◆ **How to complete this task**
Please output the following records exactly. Leave every image out.

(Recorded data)
────────────────────────────────────────

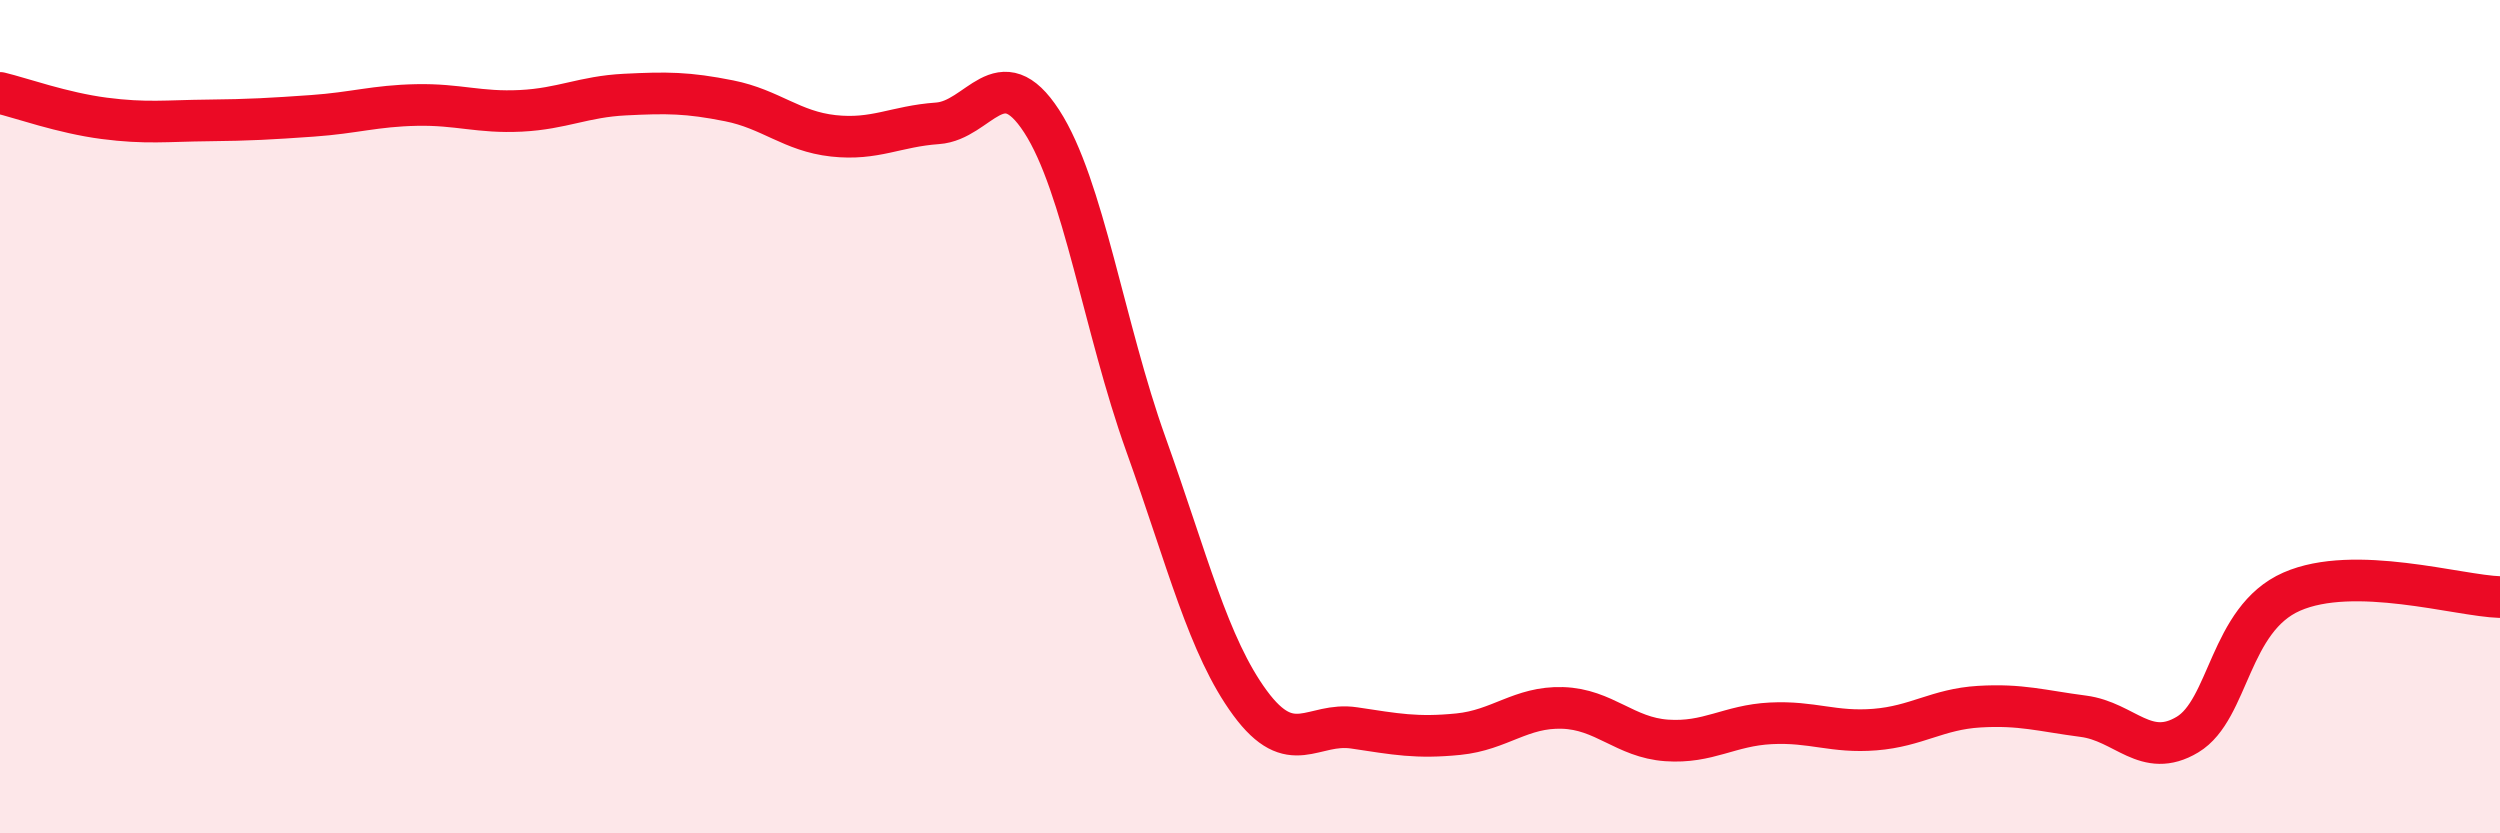 
    <svg width="60" height="20" viewBox="0 0 60 20" xmlns="http://www.w3.org/2000/svg">
      <path
        d="M 0,2.23 C 0.5,2.35 1.5,2.71 2.5,2.84 C 3.5,2.97 4,2.9 5,2.89 C 6,2.88 6.5,2.85 7.5,2.78 C 8.5,2.71 9,2.54 10,2.52 C 11,2.5 11.5,2.71 12.5,2.66 C 13.5,2.61 14,2.32 15,2.27 C 16,2.22 16.5,2.22 17.5,2.42 C 18.5,2.62 19,3.15 20,3.26 C 21,3.37 21.5,3.03 22.5,2.96 C 23.5,2.89 24,1.37 25,2.91 C 26,4.45 26.5,7.87 27.5,10.66 C 28.5,13.45 29,15.51 30,16.87 C 31,18.23 31.5,17.32 32.5,17.47 C 33.5,17.62 34,17.72 35,17.62 C 36,17.52 36.5,16.96 37.5,16.99 C 38.5,17.02 39,17.7 40,17.77 C 41,17.84 41.5,17.41 42.5,17.36 C 43.5,17.31 44,17.59 45,17.51 C 46,17.43 46.5,17.02 47.5,16.96 C 48.5,16.9 49,17.06 50,17.19 C 51,17.32 51.5,18.23 52.5,17.63 C 53.5,17.03 53.5,14.86 55,14.2 C 56.5,13.54 59,14.3 60,14.33L60 20L0 20Z"
        fill="#EB0A25"
        opacity="0.1"
        stroke-linecap="round"
        stroke-linejoin="round"
      />
      <path
        d="M 0,2.23 C 0.5,2.35 1.5,2.71 2.5,2.84 C 3.5,2.97 4,2.9 5,2.89 C 6,2.88 6.5,2.85 7.5,2.78 C 8.5,2.71 9,2.54 10,2.52 C 11,2.5 11.5,2.71 12.5,2.66 C 13.5,2.61 14,2.32 15,2.27 C 16,2.22 16.5,2.22 17.5,2.42 C 18.5,2.62 19,3.15 20,3.26 C 21,3.37 21.5,3.03 22.5,2.96 C 23.5,2.89 24,1.37 25,2.91 C 26,4.45 26.5,7.87 27.5,10.66 C 28.5,13.45 29,15.51 30,16.87 C 31,18.23 31.5,17.32 32.5,17.47 C 33.5,17.62 34,17.72 35,17.62 C 36,17.52 36.5,16.96 37.5,16.99 C 38.5,17.02 39,17.7 40,17.77 C 41,17.84 41.5,17.41 42.5,17.36 C 43.5,17.31 44,17.59 45,17.51 C 46,17.43 46.5,17.02 47.5,16.96 C 48.5,16.9 49,17.06 50,17.19 C 51,17.32 51.5,18.23 52.5,17.63 C 53.5,17.03 53.5,14.86 55,14.2 C 56.5,13.54 59,14.3 60,14.33"
        stroke="#EB0A25"
        stroke-width="1"
        fill="none"
        stroke-linecap="round"
        stroke-linejoin="round"
      />
    </svg>
  
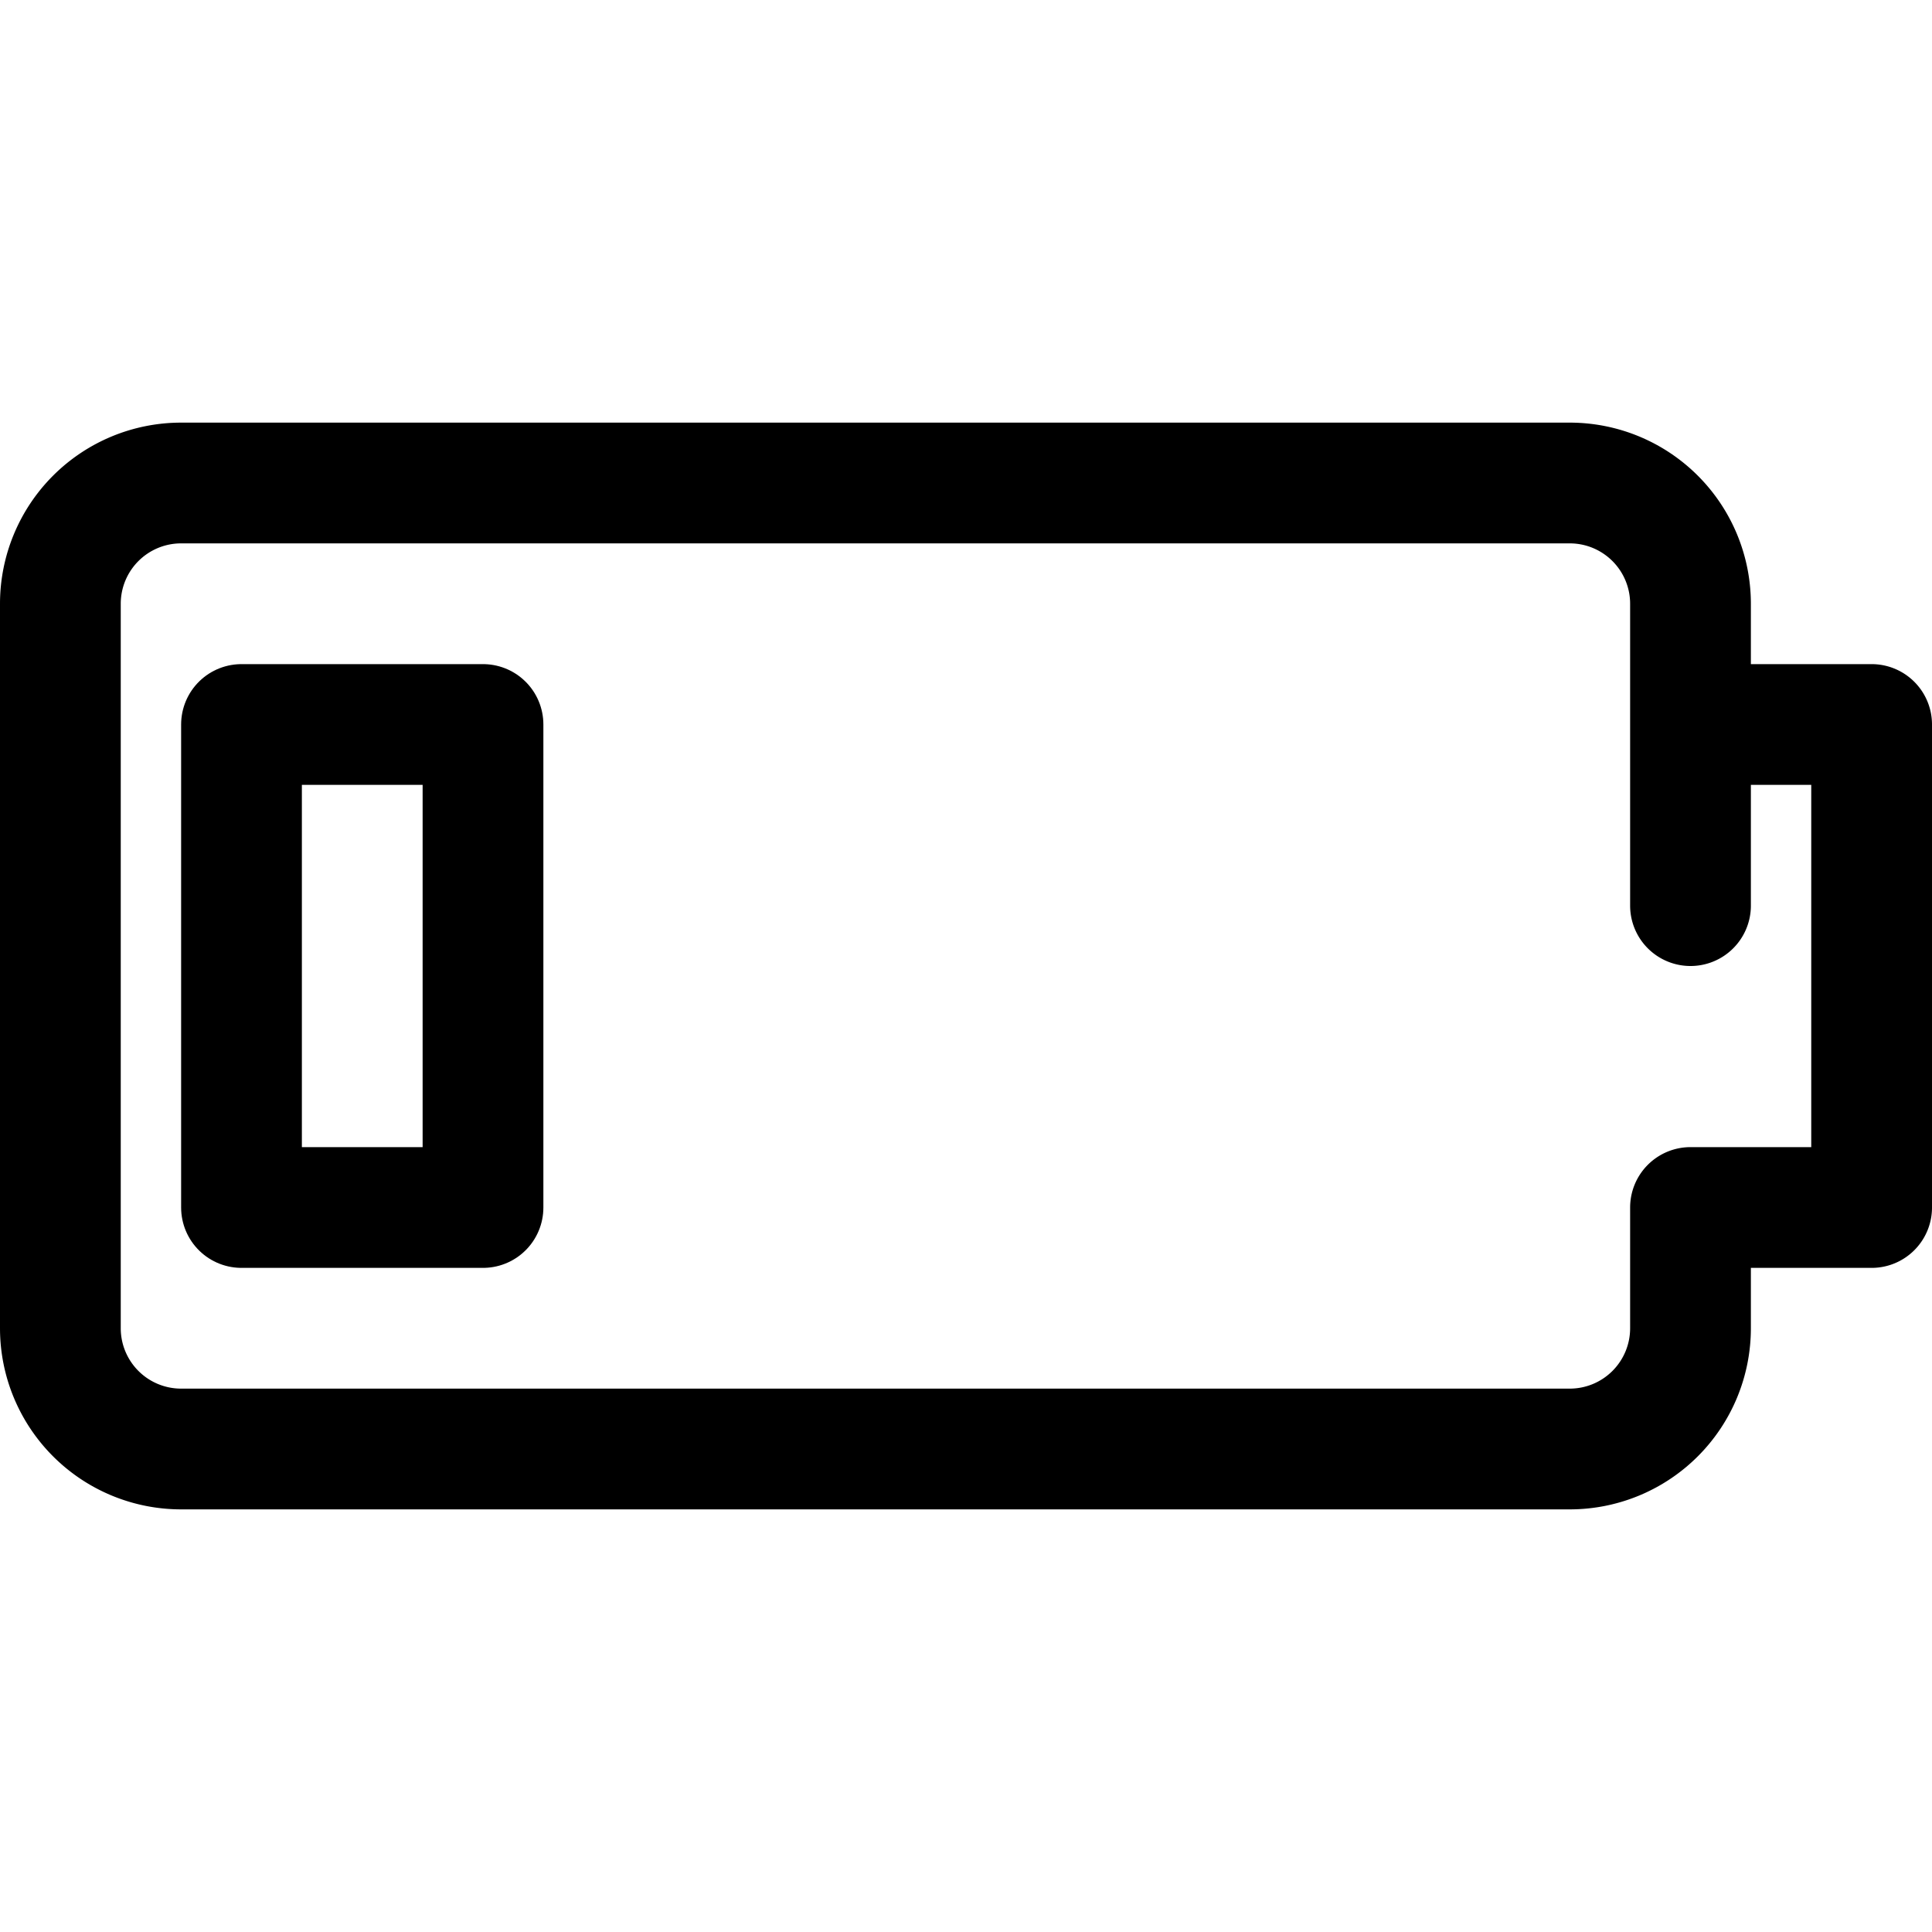 <?xml version="1.0" ?>
<!-- Uploaded to: SVG Repo, www.svgrepo.com, Generator: SVG Repo Mixer Tools -->
<svg width="800px" height="800px" viewBox="0 0 32 32" xmlns="http://www.w3.org/2000/svg">
<defs>
<style>.cls-1{fill:none;stroke:#000000;stroke-linecap:round;stroke-linejoin:round;stroke-width:2px;}</style>
</defs>
<title/>
<g data-name="64-battery" id="_64-battery">
<path class="cls-1" d="M28,15V10a2,2,0,0,0-2-2H3a2,2,0,0,0-2,2V22a2,2,0,0,0,2,2H26a2,2,0,0,0,2-2V20h3V12H28"/>
<rect class="cls-1" height="8" width="4" x="4" y="12"/>
</g>
</svg>

────────────────────────────────────────

◆ **Output**
    <svg width="60" height="20" viewBox="0 0 60 20" xmlns="http://www.w3.org/2000/svg">
      <path
        d="M 0,2.23 C 0.5,2.35 1.5,2.71 2.5,2.84 C 3.5,2.97 4,2.9 5,2.89 C 6,2.88 6.5,2.85 7.5,2.78 C 8.5,2.71 9,2.54 10,2.52 C 11,2.5 11.5,2.71 12.5,2.66 C 13.5,2.61 14,2.32 15,2.27 C 16,2.22 16.5,2.22 17.5,2.42 C 18.5,2.62 19,3.15 20,3.26 C 21,3.37 21.5,3.03 22.5,2.96 C 23.5,2.89 24,1.37 25,2.91 C 26,4.45 26.5,7.87 27.5,10.66 C 28.5,13.45 29,15.51 30,16.87 C 31,18.23 31.5,17.32 32.5,17.47 C 33.5,17.62 34,17.72 35,17.62 C 36,17.52 36.5,16.96 37.5,16.99 C 38.5,17.02 39,17.7 40,17.77 C 41,17.84 41.5,17.41 42.5,17.36 C 43.5,17.31 44,17.59 45,17.51 C 46,17.43 46.5,17.02 47.5,16.96 C 48.5,16.9 49,17.06 50,17.19 C 51,17.32 51.5,18.23 52.5,17.63 C 53.5,17.03 53.5,14.86 55,14.2 C 56.5,13.54 59,14.3 60,14.33L60 20L0 20Z"
        fill="#EB0A25"
        opacity="0.1"
        stroke-linecap="round"
        stroke-linejoin="round"
      />
      <path
        d="M 0,2.23 C 0.5,2.35 1.5,2.71 2.5,2.84 C 3.5,2.97 4,2.9 5,2.89 C 6,2.88 6.5,2.85 7.5,2.78 C 8.5,2.71 9,2.54 10,2.52 C 11,2.5 11.5,2.71 12.5,2.66 C 13.5,2.61 14,2.32 15,2.27 C 16,2.22 16.5,2.22 17.5,2.42 C 18.5,2.62 19,3.15 20,3.26 C 21,3.37 21.5,3.03 22.5,2.96 C 23.5,2.89 24,1.37 25,2.91 C 26,4.45 26.5,7.87 27.5,10.66 C 28.5,13.45 29,15.51 30,16.87 C 31,18.23 31.5,17.32 32.5,17.47 C 33.5,17.62 34,17.72 35,17.62 C 36,17.52 36.5,16.96 37.5,16.99 C 38.5,17.02 39,17.7 40,17.77 C 41,17.84 41.5,17.41 42.5,17.36 C 43.5,17.31 44,17.59 45,17.51 C 46,17.43 46.5,17.02 47.5,16.96 C 48.5,16.9 49,17.06 50,17.19 C 51,17.32 51.5,18.23 52.5,17.63 C 53.5,17.03 53.5,14.86 55,14.2 C 56.5,13.54 59,14.3 60,14.33"
        stroke="#EB0A25"
        stroke-width="1"
        fill="none"
        stroke-linecap="round"
        stroke-linejoin="round"
      />
    </svg>
  
 <?xml version="1.0" ?>
<!-- Uploaded to: SVG Repo, www.svgrepo.com, Generator: SVG Repo Mixer Tools -->
<svg width="800px" height="800px" viewBox="0 0 32 32" xmlns="http://www.w3.org/2000/svg">
<defs>
<style>.cls-1{fill:none;stroke:#000000;stroke-linecap:round;stroke-linejoin:round;stroke-width:2px;}</style>
</defs>
<title/>
<g data-name="64-battery" id="_64-battery">
<path class="cls-1" d="M28,15V10a2,2,0,0,0-2-2H3a2,2,0,0,0-2,2V22a2,2,0,0,0,2,2H26a2,2,0,0,0,2-2V20h3V12H28"/>
<rect class="cls-1" height="8" width="4" x="4" y="12"/>
</g>
</svg>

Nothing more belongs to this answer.